Firstly, much of the current research focuses on how being exposed to diversity within one's residential community affects social cohesion. However, the community is just one site at which individuals come into contact with other ethnic groups. In places like schools, universities, workplaces, volunteering groups, individuals are being exposed to diverse environments every day. However, how levels of diversity in these places affect social cohesion is largely unknown. This is an important omission given that individuals are actually more likely to encounter diversity in these places than in their neighbourhoods.
Secondly, most research assumes that as diversity within an adult's neighbourhood increases, their social cohesion will shift accordingly. However, how adults respond to ethnically diverse environments is likely influenced by all kinds of experiences throughout their lives, such as the attitudes of their parents, the diversity of their schools, and how diverse the neighbourhoods were they grew up in.
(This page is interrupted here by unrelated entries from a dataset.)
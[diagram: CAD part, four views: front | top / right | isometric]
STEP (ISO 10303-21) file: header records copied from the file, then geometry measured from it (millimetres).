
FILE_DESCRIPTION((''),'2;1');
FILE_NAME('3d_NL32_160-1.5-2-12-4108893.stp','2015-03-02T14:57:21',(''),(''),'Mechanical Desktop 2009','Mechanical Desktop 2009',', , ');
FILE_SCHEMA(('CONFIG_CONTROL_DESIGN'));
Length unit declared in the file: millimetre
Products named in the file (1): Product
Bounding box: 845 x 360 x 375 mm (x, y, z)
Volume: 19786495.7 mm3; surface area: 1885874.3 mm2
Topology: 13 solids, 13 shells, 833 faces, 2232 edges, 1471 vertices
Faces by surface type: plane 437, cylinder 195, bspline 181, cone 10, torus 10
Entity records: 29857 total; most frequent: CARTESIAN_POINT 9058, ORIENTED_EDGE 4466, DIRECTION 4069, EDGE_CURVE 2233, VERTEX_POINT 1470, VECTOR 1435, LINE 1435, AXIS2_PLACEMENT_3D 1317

To understand how diversity affects social cohesion we therefore also need to know what individuals' experiences of ethnic diversity have been over their entire lives.
The primary aim of this research is therefore to try and create a much fuller picture of how ethnic diversity affects social cohesion by: firstly, looking at how coming into contact with other groups in schools, workplaces, or civic groups, along with neighbourhoods, affects cohesion; and secondly, how experiences of diversity over one's whole life affects cohesion. Only with this more complete picture of the complex social worlds of individuals can we hope to understand the effect of diversity on social cohesion.
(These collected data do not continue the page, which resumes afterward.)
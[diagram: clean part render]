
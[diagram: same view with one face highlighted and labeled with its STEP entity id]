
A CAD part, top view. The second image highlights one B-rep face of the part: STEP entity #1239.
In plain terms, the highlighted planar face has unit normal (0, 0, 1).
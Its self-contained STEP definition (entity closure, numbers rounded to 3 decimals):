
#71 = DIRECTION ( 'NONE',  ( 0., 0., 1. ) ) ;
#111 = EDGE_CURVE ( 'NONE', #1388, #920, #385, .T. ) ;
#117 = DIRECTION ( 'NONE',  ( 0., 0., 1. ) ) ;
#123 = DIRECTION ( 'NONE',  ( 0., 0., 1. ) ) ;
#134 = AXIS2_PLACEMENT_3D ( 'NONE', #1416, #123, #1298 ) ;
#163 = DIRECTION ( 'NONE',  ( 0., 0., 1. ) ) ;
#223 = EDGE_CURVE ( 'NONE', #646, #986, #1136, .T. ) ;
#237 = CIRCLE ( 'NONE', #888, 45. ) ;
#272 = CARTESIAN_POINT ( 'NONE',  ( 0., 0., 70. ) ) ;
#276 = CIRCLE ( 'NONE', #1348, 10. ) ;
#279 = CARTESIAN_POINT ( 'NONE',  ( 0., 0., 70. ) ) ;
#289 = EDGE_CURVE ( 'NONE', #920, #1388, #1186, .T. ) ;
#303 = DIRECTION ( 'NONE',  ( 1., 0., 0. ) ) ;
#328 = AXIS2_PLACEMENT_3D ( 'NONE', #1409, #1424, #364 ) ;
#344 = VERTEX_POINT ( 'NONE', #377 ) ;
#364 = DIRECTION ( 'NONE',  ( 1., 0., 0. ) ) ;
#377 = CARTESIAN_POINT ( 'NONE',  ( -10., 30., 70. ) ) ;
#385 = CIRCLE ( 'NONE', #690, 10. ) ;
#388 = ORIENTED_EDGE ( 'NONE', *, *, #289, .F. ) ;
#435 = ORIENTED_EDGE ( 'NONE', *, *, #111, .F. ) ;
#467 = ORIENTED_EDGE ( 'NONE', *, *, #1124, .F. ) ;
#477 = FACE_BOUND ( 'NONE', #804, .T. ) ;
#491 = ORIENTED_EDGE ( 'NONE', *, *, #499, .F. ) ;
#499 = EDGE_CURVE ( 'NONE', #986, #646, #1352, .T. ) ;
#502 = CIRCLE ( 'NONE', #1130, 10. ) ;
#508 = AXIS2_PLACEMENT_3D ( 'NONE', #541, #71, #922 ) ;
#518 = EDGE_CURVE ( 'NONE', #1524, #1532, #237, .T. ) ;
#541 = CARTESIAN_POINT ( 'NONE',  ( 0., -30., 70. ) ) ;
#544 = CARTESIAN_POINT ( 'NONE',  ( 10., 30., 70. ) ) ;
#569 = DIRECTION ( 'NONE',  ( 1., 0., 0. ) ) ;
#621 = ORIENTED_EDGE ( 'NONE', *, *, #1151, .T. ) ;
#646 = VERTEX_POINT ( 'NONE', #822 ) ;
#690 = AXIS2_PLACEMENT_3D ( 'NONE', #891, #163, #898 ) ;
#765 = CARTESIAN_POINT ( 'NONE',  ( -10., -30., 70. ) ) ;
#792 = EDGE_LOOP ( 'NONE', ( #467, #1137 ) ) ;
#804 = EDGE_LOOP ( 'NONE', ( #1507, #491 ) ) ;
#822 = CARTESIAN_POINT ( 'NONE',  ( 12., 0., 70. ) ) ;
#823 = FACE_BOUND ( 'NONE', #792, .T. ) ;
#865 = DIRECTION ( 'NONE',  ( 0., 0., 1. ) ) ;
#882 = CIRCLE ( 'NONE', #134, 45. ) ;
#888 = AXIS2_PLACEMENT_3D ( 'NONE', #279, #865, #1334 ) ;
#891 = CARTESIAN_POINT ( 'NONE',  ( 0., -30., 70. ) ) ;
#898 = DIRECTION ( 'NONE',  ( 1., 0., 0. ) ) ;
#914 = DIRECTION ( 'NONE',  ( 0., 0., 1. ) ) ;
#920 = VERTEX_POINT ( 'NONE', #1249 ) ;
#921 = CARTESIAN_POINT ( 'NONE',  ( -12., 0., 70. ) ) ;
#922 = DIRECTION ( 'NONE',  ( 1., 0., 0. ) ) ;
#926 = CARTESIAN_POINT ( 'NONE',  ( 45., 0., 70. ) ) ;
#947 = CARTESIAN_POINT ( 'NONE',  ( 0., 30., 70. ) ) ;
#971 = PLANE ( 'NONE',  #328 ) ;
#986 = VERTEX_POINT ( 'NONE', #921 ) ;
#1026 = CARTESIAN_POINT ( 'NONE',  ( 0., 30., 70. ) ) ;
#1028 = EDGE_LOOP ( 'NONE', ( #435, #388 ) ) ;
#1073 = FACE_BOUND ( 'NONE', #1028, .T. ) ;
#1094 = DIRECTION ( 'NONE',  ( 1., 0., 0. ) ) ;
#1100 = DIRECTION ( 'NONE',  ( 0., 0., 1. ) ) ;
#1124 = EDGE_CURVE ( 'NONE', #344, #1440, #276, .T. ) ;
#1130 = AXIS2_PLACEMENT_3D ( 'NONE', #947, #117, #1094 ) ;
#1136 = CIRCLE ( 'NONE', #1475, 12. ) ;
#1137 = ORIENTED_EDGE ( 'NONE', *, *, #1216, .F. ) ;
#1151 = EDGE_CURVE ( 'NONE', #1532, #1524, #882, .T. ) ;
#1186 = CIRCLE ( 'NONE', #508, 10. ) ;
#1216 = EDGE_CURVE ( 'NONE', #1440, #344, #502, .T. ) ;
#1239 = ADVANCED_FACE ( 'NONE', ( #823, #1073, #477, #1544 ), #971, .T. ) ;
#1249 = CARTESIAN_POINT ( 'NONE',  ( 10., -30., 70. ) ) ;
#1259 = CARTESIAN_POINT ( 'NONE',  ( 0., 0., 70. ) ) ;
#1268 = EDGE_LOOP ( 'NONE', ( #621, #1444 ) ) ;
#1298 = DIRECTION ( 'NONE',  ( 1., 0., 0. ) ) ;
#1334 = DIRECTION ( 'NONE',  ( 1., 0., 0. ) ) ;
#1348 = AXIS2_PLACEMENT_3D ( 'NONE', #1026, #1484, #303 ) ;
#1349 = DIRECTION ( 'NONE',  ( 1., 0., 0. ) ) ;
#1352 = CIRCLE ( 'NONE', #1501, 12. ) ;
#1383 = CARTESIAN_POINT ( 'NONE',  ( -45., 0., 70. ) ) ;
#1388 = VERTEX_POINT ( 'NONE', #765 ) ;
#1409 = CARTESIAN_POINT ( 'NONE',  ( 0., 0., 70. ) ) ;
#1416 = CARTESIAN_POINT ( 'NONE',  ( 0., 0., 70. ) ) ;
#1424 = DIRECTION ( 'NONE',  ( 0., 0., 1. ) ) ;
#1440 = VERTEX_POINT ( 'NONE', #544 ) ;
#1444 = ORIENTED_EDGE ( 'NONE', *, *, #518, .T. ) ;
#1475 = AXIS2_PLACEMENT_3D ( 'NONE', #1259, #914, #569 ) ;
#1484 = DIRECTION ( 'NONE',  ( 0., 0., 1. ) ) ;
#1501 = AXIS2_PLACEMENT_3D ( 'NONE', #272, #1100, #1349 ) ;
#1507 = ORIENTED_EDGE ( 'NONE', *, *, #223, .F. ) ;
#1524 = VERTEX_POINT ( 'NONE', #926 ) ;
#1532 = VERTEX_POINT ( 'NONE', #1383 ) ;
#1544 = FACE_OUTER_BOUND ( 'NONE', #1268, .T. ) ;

However, if we do find that increasing diversity, in certain places, at certain points over an individual's life, can harm social cohesion, then we need to know 'what works' to ameliorate such frictions. This research will therefore investigate how interventions, such as intercultural education, workplace diversity training, national multiculturalism policies, and ethnic mixing programs for adolescents can help alleviate any pressures of increasing diversity. Key to this endeavour will be an analysis of one of the current government's key integration policies: the National Citizen Service.